→ Task: Each line of the records that holds "verge" should be shown in full.

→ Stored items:
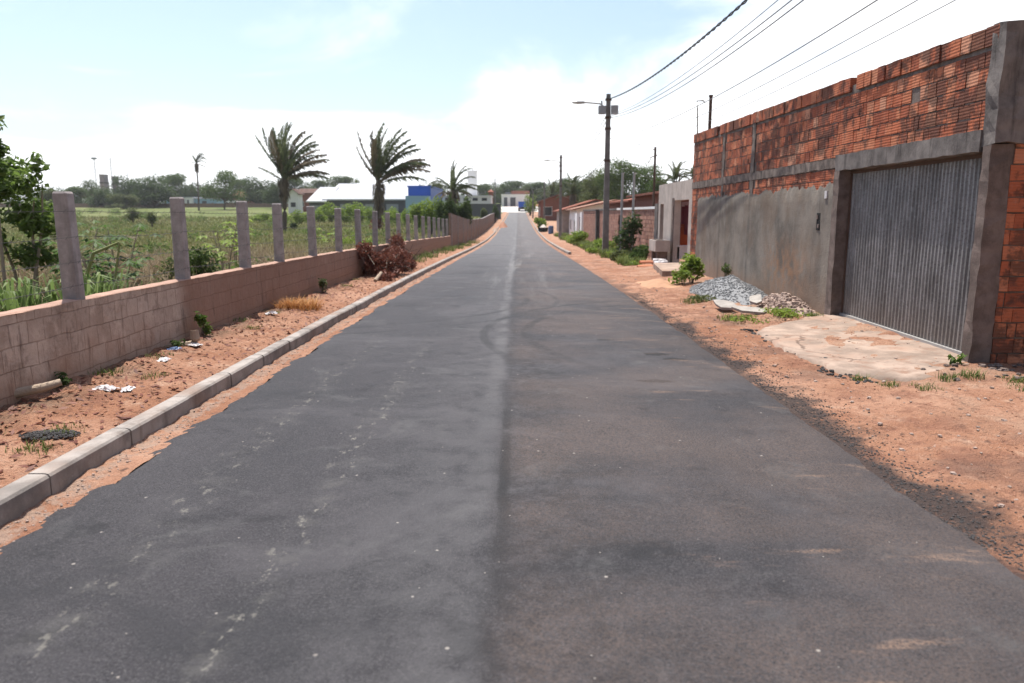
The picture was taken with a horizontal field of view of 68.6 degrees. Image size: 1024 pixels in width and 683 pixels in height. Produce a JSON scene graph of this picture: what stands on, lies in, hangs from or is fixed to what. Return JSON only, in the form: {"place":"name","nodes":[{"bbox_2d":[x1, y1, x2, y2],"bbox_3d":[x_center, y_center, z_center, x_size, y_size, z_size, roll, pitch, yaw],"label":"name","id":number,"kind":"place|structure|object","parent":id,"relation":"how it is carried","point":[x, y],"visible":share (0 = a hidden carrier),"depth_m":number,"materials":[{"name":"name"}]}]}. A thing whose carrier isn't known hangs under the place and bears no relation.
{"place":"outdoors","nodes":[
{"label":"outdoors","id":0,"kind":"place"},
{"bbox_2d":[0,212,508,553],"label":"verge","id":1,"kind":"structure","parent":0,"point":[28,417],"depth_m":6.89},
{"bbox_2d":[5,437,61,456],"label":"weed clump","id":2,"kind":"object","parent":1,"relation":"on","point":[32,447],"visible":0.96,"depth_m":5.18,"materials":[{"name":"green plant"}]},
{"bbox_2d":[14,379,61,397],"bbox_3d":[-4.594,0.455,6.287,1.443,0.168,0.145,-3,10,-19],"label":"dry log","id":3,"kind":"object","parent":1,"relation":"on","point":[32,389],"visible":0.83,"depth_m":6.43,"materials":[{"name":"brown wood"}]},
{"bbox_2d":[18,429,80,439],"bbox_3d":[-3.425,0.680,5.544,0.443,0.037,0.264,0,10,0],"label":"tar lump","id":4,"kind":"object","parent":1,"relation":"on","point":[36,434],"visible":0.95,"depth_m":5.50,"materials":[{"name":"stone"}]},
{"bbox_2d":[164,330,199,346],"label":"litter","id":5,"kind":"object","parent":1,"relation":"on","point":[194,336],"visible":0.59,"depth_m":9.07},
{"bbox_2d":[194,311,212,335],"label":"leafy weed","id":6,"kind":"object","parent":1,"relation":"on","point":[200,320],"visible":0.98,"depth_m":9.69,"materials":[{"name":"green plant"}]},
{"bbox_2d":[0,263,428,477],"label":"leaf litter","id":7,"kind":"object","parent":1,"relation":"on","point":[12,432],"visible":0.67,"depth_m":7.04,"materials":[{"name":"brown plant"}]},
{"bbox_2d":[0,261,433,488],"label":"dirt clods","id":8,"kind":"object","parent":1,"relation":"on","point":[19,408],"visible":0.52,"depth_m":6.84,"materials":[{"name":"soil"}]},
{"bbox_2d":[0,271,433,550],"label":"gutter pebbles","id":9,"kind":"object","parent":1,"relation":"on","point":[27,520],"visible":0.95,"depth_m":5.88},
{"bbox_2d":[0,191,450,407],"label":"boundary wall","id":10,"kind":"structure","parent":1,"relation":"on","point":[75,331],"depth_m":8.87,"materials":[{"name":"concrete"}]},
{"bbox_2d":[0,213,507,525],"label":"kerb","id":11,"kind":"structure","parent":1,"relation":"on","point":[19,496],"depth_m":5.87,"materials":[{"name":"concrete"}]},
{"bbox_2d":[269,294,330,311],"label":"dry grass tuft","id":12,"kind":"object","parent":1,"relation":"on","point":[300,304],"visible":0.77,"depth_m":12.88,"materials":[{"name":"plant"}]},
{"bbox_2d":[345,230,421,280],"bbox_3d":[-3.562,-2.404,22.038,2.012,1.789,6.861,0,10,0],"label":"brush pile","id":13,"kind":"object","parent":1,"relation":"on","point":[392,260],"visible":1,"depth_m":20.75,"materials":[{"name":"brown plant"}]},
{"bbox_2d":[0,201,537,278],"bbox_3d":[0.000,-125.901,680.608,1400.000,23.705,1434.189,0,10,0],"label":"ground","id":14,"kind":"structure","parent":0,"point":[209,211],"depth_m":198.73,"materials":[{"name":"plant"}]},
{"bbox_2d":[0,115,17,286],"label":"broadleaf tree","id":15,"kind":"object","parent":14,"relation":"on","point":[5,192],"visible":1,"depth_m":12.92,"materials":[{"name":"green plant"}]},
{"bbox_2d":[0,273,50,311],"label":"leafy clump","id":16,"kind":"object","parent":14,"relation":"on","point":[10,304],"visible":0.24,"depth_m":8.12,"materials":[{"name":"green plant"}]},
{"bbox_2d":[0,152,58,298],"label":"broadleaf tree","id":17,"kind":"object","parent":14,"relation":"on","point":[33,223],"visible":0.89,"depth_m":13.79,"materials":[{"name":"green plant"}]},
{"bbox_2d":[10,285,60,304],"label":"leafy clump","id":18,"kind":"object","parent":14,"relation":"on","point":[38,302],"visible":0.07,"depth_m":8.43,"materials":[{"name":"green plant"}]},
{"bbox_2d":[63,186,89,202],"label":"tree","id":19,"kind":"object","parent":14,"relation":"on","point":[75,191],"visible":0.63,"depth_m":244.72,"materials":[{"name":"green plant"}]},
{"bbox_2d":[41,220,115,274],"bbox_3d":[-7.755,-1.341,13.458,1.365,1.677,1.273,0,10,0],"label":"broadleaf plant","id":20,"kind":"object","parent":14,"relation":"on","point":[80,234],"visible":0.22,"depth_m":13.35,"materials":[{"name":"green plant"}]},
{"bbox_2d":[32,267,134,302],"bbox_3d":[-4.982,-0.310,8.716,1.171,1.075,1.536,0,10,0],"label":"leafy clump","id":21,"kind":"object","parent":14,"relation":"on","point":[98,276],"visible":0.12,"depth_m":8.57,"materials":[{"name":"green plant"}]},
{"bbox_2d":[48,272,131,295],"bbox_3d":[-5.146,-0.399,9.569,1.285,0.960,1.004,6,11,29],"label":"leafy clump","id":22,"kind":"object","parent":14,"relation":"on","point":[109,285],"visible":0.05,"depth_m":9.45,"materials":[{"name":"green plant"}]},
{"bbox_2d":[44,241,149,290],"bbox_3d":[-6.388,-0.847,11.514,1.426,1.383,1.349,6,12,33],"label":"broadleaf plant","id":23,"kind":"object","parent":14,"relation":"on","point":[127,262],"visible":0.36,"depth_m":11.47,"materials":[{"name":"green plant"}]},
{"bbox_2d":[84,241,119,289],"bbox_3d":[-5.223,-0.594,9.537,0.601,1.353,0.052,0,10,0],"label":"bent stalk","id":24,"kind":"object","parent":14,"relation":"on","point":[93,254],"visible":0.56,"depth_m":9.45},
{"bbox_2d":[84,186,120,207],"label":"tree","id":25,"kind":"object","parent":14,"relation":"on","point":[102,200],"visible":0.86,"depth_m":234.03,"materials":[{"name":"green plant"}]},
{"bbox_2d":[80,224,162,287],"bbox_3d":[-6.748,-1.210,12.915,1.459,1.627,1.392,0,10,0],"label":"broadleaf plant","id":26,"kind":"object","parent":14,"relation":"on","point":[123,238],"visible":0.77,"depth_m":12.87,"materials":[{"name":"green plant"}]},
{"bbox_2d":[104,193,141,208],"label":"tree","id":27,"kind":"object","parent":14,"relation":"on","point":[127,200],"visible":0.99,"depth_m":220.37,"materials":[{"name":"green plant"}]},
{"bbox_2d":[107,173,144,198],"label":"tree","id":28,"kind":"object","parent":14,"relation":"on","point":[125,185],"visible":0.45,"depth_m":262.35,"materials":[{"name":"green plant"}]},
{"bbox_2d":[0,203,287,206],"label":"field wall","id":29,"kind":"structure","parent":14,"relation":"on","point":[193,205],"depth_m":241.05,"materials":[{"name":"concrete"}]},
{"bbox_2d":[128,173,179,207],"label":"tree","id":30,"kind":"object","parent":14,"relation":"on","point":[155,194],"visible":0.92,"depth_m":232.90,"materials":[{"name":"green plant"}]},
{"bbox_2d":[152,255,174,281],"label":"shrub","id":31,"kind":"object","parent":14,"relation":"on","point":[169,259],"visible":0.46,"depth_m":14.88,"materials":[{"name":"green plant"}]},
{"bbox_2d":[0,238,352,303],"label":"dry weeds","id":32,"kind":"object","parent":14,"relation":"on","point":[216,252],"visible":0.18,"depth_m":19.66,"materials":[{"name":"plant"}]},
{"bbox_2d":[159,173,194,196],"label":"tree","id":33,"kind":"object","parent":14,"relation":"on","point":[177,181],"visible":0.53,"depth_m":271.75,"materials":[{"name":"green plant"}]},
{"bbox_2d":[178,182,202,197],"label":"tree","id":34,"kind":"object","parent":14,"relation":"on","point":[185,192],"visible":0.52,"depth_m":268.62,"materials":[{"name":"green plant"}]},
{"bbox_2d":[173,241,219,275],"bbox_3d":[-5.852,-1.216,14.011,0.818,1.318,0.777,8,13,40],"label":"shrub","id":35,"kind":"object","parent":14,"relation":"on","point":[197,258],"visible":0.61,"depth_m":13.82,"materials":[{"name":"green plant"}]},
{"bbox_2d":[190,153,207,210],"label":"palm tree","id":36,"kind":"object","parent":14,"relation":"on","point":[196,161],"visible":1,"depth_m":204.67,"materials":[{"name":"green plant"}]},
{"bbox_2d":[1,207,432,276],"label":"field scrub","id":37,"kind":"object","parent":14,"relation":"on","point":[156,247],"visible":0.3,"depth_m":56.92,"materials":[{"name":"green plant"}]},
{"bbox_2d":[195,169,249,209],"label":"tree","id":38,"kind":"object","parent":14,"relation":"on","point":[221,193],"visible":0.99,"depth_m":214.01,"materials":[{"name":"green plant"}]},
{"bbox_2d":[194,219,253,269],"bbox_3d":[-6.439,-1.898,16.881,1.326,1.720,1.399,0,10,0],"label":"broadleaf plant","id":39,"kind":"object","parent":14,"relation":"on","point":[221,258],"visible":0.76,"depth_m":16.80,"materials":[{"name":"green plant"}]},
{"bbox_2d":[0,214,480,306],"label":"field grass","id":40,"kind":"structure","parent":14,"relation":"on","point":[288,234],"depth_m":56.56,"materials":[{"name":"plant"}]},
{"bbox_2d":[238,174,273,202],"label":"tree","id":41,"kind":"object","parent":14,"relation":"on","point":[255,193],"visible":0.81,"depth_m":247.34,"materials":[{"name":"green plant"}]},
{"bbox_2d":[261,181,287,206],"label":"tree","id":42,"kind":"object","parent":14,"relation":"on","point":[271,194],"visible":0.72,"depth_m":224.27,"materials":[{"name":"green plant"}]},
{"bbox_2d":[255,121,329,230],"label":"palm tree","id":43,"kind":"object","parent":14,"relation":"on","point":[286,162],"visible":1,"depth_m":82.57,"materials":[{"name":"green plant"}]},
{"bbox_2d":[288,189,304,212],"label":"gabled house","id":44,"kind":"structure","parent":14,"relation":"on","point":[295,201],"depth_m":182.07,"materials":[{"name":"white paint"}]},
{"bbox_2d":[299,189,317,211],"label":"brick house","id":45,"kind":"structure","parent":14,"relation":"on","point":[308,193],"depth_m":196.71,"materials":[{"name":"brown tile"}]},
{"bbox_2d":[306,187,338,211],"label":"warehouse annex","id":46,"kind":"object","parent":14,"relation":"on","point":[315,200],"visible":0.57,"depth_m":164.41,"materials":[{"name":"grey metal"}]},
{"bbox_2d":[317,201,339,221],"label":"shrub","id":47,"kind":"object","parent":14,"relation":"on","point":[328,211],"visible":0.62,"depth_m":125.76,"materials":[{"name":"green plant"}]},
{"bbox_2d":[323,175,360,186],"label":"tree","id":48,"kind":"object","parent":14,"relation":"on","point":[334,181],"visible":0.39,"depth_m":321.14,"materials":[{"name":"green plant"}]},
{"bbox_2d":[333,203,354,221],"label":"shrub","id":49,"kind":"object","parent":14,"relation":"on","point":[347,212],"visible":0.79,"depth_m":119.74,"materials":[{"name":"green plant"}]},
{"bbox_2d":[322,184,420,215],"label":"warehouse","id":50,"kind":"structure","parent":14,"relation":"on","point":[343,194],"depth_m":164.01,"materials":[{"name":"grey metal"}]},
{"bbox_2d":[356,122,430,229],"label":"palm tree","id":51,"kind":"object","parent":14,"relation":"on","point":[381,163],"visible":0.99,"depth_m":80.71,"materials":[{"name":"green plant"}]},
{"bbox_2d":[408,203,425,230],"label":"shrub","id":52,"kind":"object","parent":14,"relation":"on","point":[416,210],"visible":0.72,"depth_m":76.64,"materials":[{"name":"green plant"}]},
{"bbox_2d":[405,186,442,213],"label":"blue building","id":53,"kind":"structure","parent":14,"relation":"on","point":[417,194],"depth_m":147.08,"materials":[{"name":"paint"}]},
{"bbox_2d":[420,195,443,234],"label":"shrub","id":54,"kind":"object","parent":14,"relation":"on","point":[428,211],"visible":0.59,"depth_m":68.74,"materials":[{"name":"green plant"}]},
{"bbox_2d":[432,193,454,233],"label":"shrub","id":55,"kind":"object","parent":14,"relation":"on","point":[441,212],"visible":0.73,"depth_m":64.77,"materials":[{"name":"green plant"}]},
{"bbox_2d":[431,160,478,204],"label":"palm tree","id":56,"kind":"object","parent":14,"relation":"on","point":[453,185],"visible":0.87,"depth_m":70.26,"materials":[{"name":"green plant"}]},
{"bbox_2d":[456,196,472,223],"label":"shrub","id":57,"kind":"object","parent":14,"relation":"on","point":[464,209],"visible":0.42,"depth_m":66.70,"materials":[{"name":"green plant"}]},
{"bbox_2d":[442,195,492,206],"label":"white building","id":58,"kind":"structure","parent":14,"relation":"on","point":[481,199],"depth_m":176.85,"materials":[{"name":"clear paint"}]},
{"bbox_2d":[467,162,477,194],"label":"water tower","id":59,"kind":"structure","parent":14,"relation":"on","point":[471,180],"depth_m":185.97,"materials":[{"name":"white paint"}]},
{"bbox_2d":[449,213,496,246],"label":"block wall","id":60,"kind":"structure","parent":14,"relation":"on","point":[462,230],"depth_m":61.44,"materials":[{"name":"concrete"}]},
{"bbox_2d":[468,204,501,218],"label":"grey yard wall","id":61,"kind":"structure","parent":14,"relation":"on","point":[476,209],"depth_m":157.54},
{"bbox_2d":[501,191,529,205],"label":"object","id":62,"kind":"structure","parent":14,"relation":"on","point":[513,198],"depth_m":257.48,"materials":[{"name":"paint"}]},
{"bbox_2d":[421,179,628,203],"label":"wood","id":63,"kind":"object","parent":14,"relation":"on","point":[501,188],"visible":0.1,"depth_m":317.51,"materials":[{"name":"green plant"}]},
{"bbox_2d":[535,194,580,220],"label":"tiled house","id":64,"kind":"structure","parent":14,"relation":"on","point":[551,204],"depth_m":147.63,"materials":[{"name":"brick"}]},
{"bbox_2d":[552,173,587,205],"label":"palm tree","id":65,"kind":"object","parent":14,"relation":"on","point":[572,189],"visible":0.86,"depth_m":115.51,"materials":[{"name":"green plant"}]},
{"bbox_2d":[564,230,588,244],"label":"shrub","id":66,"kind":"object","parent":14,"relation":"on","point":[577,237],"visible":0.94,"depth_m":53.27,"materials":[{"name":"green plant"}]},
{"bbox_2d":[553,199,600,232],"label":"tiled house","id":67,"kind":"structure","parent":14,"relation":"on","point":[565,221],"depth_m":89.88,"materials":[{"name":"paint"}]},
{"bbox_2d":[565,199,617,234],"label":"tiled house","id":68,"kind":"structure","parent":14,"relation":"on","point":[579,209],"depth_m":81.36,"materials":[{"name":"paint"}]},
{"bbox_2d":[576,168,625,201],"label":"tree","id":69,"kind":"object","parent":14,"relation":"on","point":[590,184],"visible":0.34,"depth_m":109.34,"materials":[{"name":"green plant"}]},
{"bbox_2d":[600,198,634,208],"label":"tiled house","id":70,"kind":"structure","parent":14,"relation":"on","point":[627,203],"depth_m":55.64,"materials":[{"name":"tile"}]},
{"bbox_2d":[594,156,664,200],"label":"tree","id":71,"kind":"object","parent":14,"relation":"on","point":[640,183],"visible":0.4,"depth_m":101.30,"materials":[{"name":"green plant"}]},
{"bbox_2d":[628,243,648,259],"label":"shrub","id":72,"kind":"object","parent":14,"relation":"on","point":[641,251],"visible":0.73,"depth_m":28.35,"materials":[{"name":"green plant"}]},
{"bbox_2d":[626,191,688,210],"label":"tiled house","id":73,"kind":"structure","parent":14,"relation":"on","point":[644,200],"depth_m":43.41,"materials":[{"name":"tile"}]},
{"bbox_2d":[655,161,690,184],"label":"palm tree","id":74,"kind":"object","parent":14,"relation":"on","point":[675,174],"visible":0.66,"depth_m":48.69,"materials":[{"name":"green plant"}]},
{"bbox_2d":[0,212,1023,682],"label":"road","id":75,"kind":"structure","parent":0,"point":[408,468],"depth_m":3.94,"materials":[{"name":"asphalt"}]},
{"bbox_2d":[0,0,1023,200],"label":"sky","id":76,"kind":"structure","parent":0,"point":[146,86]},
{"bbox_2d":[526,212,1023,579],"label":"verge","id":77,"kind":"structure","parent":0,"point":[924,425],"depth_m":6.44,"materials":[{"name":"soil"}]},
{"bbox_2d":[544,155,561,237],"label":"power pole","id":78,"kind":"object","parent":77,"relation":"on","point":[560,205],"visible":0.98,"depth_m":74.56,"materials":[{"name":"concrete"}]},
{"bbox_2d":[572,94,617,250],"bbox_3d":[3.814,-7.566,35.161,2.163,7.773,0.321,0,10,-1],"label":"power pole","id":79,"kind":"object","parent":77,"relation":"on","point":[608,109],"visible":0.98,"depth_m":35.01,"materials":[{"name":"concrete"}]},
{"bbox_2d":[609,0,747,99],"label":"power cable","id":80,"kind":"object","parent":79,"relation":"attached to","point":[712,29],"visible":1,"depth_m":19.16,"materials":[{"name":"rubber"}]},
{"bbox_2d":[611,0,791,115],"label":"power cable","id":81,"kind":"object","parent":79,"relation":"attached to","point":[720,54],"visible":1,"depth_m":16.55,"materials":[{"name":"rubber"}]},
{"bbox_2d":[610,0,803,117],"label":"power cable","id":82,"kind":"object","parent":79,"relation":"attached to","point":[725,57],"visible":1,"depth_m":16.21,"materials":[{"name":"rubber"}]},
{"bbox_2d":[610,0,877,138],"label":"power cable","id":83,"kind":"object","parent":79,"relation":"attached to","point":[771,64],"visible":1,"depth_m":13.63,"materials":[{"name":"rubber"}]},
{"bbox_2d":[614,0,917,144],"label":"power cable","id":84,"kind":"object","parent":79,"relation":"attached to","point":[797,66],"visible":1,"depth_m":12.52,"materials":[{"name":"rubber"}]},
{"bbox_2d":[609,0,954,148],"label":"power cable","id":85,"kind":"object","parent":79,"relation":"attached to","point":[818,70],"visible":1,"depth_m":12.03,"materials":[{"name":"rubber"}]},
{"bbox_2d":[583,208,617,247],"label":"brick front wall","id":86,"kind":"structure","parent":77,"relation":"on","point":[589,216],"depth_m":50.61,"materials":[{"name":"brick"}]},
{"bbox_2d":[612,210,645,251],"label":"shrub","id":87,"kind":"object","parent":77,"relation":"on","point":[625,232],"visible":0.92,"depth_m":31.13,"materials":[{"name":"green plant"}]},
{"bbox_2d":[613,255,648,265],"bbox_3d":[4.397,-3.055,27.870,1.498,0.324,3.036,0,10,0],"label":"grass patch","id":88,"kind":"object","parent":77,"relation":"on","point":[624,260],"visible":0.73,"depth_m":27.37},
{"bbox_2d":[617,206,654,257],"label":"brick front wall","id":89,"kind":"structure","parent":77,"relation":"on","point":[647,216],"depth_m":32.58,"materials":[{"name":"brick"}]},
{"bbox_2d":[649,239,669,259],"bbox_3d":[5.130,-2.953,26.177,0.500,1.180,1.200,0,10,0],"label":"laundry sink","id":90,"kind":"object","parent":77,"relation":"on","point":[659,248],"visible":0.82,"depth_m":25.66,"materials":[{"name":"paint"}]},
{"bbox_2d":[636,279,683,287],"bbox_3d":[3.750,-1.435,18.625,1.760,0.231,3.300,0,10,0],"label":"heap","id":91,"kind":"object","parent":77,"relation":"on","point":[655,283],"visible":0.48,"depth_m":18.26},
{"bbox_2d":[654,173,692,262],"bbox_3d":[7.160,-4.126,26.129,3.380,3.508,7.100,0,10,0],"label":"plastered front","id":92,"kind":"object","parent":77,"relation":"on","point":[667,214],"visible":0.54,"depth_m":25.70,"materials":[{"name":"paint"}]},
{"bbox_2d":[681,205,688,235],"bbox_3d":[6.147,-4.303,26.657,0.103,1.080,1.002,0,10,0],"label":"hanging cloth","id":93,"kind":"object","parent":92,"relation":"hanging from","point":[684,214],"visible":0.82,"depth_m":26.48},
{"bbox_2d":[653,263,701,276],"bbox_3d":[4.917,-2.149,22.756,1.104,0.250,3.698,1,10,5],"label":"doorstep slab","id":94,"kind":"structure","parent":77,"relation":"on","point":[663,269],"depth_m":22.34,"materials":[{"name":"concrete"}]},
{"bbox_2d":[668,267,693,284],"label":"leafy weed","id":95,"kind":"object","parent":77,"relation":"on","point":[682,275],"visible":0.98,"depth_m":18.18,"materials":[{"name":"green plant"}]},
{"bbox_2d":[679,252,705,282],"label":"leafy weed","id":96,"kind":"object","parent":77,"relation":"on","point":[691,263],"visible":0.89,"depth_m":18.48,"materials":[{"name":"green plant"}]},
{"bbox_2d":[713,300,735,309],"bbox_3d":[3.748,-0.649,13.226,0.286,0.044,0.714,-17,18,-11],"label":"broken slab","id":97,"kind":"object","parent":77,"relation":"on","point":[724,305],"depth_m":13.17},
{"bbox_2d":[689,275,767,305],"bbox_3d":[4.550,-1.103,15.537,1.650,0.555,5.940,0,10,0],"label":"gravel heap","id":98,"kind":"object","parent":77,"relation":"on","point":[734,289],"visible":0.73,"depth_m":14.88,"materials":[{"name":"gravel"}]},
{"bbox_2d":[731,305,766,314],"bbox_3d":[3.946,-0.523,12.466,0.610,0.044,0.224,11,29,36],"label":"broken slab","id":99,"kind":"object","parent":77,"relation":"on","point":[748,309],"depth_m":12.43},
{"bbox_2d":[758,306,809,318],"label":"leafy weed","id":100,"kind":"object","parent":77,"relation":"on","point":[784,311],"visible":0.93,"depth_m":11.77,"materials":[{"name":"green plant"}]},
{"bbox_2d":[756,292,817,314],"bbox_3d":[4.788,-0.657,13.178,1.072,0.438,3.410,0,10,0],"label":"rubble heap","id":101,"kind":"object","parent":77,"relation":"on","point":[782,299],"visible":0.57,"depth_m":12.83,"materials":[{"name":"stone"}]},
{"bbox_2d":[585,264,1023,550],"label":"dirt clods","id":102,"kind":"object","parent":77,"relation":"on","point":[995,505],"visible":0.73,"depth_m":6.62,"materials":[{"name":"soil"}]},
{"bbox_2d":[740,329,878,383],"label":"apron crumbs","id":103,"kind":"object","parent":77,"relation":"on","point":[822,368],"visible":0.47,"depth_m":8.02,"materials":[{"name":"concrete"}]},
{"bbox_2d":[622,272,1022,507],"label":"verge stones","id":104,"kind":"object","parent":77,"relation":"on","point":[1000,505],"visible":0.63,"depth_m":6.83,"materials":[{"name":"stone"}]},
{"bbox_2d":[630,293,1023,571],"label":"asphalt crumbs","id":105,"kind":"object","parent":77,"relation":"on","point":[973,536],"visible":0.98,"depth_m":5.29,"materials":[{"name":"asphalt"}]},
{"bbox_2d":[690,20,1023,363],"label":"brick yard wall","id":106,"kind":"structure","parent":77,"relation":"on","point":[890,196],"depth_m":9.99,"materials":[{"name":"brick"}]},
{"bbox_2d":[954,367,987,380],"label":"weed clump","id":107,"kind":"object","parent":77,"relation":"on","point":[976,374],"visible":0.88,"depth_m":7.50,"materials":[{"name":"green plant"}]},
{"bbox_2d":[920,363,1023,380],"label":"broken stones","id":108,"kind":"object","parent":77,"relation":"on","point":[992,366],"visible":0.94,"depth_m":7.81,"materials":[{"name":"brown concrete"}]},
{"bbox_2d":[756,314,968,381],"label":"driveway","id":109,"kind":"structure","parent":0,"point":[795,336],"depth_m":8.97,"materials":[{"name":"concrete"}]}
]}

→ Response:
{"bbox_2d":[0,212,508,553],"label":"verge","id":1,"kind":"structure","parent":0,"point":[28,417],"depth_m":6.89},
{"bbox_2d":[526,212,1023,579],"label":"verge","id":77,"kind":"structure","parent":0,"point":[924,425],"depth_m":6.44,"materials":[{"name":"soil"}]},
{"bbox_2d":[622,272,1022,507],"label":"verge stones","id":104,"kind":"object","parent":77,"relation":"on","point":[1000,505],"visible":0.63,"depth_m":6.83,"materials":[{"name":"stone"}]},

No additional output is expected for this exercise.